─── MATERIAL FOR THIS TASK

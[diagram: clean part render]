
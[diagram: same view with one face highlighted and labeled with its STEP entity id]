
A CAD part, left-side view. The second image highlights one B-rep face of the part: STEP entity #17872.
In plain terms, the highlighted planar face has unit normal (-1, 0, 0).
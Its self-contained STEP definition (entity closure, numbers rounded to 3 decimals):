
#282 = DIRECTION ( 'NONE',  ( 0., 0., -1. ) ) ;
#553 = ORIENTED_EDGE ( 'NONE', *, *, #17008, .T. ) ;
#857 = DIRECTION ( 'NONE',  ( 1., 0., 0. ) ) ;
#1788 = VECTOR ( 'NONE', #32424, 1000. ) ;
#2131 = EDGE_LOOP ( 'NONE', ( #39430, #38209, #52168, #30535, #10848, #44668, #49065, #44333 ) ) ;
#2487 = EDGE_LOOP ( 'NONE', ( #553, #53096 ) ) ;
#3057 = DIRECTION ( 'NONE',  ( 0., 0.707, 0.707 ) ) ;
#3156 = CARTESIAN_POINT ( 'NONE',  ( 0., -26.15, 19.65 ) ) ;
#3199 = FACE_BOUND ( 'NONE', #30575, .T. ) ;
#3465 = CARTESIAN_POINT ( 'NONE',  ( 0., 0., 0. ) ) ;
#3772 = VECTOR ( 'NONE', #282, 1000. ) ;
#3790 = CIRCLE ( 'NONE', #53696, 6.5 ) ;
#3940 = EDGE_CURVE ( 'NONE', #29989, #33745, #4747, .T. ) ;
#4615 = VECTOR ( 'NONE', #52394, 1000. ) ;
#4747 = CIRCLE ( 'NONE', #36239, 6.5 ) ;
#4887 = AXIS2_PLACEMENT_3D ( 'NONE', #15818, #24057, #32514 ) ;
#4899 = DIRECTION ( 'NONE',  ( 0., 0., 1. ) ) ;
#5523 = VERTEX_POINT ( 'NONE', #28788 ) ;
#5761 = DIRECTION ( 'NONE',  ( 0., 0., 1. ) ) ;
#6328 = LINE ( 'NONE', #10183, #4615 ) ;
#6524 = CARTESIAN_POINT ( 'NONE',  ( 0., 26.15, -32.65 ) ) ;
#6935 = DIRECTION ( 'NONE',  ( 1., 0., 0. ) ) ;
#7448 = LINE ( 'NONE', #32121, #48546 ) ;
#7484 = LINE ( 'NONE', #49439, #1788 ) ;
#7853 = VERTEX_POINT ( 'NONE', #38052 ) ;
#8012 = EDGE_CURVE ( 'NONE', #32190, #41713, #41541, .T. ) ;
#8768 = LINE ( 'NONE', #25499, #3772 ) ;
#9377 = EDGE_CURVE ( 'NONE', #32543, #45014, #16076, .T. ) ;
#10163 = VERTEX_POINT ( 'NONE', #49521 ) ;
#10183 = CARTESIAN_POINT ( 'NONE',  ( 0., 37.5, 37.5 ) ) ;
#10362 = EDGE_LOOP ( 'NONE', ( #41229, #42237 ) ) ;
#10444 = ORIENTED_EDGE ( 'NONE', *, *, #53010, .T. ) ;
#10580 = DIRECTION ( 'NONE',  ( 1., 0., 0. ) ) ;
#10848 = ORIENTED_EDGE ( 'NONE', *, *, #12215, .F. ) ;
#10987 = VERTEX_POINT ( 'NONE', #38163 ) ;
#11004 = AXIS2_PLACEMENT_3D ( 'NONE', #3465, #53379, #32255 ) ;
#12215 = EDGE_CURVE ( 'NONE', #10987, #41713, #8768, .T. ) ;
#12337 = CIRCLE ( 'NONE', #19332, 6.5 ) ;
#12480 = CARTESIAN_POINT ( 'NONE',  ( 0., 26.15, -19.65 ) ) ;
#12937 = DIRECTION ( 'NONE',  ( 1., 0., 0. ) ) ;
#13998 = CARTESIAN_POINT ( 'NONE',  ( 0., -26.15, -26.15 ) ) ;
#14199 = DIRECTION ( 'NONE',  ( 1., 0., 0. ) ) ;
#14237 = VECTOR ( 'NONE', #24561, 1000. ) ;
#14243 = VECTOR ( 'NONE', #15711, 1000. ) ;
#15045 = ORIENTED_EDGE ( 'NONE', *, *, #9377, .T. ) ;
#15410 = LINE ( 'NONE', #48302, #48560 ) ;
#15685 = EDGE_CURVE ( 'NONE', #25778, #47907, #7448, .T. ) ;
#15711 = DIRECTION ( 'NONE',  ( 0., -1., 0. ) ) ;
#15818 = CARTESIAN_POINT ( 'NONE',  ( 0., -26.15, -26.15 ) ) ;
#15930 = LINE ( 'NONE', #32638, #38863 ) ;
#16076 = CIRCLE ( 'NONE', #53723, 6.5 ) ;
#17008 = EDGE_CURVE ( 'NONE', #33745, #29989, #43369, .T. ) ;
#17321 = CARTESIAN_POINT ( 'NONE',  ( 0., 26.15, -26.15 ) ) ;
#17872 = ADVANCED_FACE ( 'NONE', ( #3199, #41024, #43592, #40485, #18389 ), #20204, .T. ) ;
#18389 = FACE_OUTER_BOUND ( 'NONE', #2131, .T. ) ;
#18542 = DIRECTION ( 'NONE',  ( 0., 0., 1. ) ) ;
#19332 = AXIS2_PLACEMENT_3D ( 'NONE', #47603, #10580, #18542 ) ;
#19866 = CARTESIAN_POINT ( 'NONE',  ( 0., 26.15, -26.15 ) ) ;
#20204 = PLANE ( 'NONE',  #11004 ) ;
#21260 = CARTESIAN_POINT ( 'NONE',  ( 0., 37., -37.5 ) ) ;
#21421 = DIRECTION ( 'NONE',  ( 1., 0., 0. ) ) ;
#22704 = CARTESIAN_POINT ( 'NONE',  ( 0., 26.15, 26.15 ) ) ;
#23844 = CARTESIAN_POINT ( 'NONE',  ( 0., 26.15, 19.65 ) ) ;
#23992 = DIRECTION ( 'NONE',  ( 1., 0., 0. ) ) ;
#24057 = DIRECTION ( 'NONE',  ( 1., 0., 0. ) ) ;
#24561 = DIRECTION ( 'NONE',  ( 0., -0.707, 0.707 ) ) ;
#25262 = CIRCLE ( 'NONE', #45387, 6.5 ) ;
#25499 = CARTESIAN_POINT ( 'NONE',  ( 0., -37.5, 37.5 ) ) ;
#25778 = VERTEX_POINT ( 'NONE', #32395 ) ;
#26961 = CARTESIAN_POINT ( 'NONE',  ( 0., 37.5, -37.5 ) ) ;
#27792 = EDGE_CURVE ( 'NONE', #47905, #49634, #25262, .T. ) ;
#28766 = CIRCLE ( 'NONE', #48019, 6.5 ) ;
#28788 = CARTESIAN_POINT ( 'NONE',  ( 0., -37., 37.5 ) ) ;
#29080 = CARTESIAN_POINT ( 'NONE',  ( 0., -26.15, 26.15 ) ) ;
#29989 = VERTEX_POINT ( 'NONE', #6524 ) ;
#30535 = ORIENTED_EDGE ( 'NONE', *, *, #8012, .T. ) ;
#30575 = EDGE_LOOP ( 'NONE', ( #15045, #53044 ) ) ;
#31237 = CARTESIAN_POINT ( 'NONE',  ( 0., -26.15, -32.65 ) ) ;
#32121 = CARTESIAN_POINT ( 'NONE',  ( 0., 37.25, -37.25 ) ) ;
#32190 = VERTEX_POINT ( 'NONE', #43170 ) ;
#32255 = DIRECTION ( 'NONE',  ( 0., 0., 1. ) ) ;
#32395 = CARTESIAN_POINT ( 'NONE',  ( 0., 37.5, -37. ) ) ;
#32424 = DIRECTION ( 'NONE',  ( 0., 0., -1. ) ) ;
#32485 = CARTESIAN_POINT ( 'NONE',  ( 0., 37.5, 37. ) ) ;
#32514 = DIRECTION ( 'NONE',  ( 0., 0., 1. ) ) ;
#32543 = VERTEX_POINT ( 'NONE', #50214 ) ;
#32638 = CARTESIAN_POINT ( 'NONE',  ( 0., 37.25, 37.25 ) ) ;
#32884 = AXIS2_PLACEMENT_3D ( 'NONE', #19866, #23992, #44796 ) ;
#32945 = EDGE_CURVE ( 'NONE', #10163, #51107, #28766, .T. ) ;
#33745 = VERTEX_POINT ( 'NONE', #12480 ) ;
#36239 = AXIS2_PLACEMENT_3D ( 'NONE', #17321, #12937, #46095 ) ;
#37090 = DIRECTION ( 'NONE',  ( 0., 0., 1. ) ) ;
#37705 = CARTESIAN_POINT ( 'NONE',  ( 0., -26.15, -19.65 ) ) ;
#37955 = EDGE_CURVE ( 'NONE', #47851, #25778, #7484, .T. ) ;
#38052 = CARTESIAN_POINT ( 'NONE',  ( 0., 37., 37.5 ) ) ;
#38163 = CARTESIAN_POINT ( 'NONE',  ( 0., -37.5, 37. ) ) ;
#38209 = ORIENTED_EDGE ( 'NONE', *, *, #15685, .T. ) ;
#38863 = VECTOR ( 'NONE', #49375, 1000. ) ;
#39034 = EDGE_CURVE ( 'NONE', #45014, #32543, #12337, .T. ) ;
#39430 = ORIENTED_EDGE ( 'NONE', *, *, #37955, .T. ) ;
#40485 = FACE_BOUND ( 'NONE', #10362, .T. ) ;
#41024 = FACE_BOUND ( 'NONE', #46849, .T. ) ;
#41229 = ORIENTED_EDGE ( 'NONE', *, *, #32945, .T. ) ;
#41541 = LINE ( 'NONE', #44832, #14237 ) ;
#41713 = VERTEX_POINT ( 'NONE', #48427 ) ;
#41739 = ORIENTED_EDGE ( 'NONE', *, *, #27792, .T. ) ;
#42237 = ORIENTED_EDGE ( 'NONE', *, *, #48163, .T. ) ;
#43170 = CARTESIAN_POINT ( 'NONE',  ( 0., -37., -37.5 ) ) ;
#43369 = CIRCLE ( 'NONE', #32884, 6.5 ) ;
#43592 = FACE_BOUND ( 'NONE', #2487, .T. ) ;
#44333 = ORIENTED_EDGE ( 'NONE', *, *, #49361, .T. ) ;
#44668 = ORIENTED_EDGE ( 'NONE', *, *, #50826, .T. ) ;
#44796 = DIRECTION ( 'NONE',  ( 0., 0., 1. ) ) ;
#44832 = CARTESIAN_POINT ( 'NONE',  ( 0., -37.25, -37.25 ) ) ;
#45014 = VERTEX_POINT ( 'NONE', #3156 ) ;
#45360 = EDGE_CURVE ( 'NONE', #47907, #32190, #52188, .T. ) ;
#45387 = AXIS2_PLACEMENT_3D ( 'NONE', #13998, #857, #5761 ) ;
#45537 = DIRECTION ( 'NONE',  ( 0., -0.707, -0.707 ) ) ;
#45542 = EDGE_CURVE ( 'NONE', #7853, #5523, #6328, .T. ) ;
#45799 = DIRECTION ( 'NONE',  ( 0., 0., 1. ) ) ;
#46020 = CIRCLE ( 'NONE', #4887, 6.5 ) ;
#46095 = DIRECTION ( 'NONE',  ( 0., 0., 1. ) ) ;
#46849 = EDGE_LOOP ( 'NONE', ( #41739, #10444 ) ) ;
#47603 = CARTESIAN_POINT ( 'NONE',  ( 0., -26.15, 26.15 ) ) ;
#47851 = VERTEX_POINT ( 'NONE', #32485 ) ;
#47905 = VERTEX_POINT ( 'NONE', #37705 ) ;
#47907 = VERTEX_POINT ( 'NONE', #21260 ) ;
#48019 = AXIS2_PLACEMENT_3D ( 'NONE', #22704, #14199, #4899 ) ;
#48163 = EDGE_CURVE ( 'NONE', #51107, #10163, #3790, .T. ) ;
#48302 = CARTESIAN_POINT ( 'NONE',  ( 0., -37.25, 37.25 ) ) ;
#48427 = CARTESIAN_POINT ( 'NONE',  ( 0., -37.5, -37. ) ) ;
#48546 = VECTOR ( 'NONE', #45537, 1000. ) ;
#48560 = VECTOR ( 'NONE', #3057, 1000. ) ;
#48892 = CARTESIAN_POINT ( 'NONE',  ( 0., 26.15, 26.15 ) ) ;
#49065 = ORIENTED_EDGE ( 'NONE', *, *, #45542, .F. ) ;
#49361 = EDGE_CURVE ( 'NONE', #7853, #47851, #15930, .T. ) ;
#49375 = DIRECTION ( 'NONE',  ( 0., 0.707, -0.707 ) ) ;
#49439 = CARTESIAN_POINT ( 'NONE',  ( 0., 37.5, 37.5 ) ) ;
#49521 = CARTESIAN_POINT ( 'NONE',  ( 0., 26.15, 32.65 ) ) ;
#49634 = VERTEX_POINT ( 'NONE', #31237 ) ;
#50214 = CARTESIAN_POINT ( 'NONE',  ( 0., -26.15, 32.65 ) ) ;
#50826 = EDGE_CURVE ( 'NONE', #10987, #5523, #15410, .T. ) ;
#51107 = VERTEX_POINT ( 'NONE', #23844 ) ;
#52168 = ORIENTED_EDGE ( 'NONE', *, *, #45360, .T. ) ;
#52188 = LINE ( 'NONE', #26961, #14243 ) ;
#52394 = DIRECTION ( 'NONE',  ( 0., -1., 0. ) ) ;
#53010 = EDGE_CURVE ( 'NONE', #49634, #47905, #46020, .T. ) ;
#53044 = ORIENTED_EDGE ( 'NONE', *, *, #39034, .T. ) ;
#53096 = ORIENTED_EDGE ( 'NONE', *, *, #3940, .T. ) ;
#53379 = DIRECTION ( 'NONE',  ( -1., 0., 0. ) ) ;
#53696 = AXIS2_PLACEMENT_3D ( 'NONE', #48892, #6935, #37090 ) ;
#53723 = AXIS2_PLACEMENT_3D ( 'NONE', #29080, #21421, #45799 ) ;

──────
─── MATERIAL FOR THIS TASK

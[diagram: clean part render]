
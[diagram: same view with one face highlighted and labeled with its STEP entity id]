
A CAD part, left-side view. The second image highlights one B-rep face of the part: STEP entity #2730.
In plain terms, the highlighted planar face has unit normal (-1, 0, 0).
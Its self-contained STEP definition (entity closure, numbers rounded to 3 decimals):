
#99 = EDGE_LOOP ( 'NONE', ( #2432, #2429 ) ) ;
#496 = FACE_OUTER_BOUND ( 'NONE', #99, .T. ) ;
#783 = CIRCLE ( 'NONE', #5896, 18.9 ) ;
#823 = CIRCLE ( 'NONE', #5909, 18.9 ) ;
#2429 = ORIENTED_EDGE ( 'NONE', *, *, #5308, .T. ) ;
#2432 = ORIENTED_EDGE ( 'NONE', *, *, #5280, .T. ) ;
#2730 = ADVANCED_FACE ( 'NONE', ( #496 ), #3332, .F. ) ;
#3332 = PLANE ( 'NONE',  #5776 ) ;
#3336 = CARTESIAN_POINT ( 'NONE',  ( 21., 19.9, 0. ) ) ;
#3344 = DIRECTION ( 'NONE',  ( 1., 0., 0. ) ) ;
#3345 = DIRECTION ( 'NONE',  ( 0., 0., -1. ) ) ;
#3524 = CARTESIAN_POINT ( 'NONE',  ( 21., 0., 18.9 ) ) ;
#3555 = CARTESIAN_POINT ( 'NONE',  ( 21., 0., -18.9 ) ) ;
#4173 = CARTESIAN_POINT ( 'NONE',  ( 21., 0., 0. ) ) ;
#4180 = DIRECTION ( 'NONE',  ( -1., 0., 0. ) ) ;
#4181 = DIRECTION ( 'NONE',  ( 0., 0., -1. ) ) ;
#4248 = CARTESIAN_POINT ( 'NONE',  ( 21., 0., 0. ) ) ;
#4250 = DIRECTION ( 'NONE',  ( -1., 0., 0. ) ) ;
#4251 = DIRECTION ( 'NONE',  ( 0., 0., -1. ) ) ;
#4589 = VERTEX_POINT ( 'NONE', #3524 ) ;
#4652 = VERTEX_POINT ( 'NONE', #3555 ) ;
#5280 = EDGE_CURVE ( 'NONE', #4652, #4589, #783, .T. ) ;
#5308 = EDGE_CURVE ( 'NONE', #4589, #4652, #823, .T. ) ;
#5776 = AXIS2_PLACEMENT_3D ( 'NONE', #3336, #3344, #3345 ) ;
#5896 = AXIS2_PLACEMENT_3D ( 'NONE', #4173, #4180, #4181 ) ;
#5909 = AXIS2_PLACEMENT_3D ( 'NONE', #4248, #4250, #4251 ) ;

──────

• [WHAT YOU SHOULD DO]: Among the records above, repeat exactly the line with "#32255 = DIRECTION", the line with "#41229 = ORIENTED_EDGE", and every line in between, and only those.

• [SOLUTION]:
#32255 = DIRECTION ( 'NONE',  ( 0., 0., 1. ) ) ;
#32395 = CARTESIAN_POINT ( 'NONE',  ( 0., 37.5, -37. ) ) ;
#32424 = DIRECTION ( 'NONE',  ( 0., 0., -1. ) ) ;
#32485 = CARTESIAN_POINT ( 'NONE',  ( 0., 37.5, 37. ) ) ;
#32514 = DIRECTION ( 'NONE',  ( 0., 0., 1. ) ) ;
#32543 = VERTEX_POINT ( 'NONE', #50214 ) ;
#32638 = CARTESIAN_POINT ( 'NONE',  ( 0., 37.25, 37.25 ) ) ;
#32884 = AXIS2_PLACEMENT_3D ( 'NONE', #19866, #23992, #44796 ) ;
#32945 = EDGE_CURVE ( 'NONE', #10163, #51107, #28766, .T. ) ;
#33745 = VERTEX_POINT ( 'NONE', #12480 ) ;
#36239 = AXIS2_PLACEMENT_3D ( 'NONE', #17321, #12937, #46095 ) ;
#37090 = DIRECTION ( 'NONE',  ( 0., 0., 1. ) ) ;
#37705 = CARTESIAN_POINT ( 'NONE',  ( 0., -26.15, -19.65 ) ) ;
#37955 = EDGE_CURVE ( 'NONE', #47851, #25778, #7484, .T. ) ;
#38052 = CARTESIAN_POINT ( 'NONE',  ( 0., 37., 37.5 ) ) ;
#38163 = CARTESIAN_POINT ( 'NONE',  ( 0., -37.5, 37. ) ) ;
#38209 = ORIENTED_EDGE ( 'NONE', *, *, #15685, .T. ) ;
#38863 = VECTOR ( 'NONE', #49375, 1000. ) ;
#39034 = EDGE_CURVE ( 'NONE', #45014, #32543, #12337, .T. ) ;
#39430 = ORIENTED_EDGE ( 'NONE', *, *, #37955, .T. ) ;
#40485 = FACE_BOUND ( 'NONE', #10362, .T. ) ;
#41024 = FACE_BOUND ( 'NONE', #46849, .T. ) ;
#41229 = ORIENTED_EDGE ( 'NONE', *, *, #32945, .T. ) ;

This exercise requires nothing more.